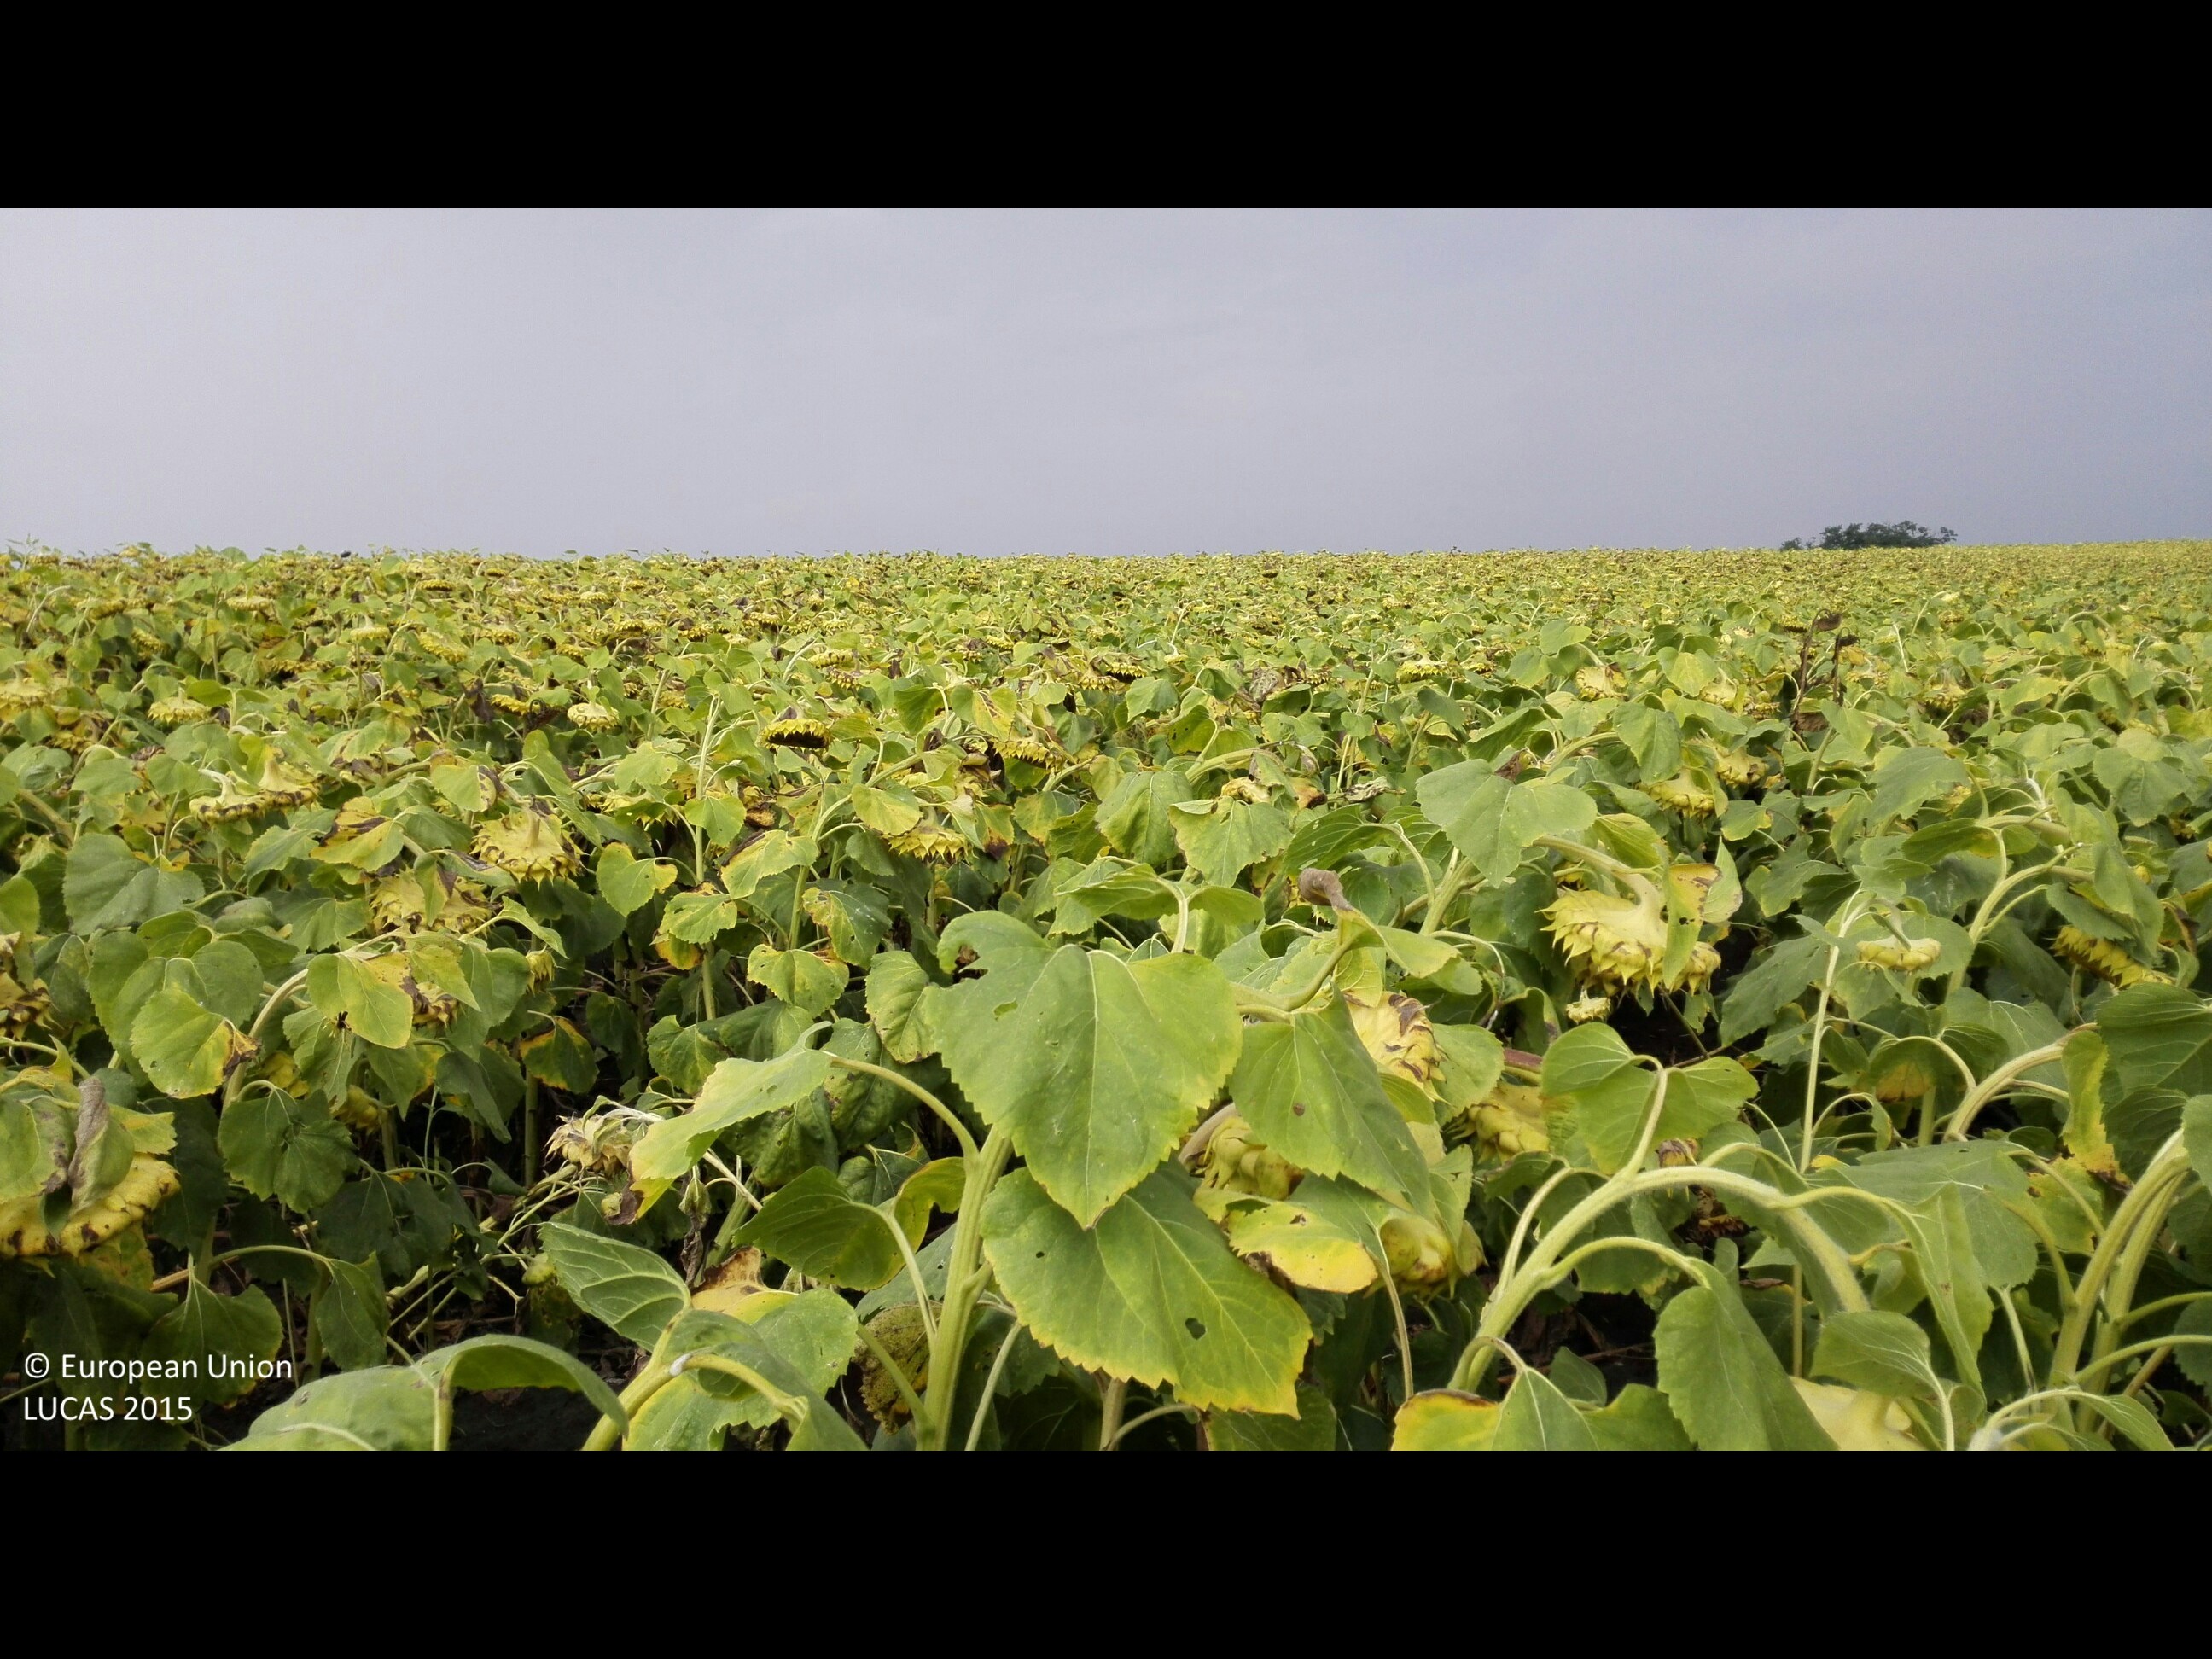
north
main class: Cropland
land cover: Sunflower
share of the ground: > 75 %
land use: Agriculture (excluding fallow land and kitchen gardens)
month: August
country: HU
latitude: 47.3160
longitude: 21.6190

####

- _Aim of the exercise_
Give all entries again verbatim, without any images.

- _Result for this exercise_
north
main class: Cropland
land cover: Sunflower
share of the ground: > 75 %
land use: Agriculture (excluding fallow land and kitchen gardens)
month: August
country: HU
latitude: 47.3160
longitude: 21.6190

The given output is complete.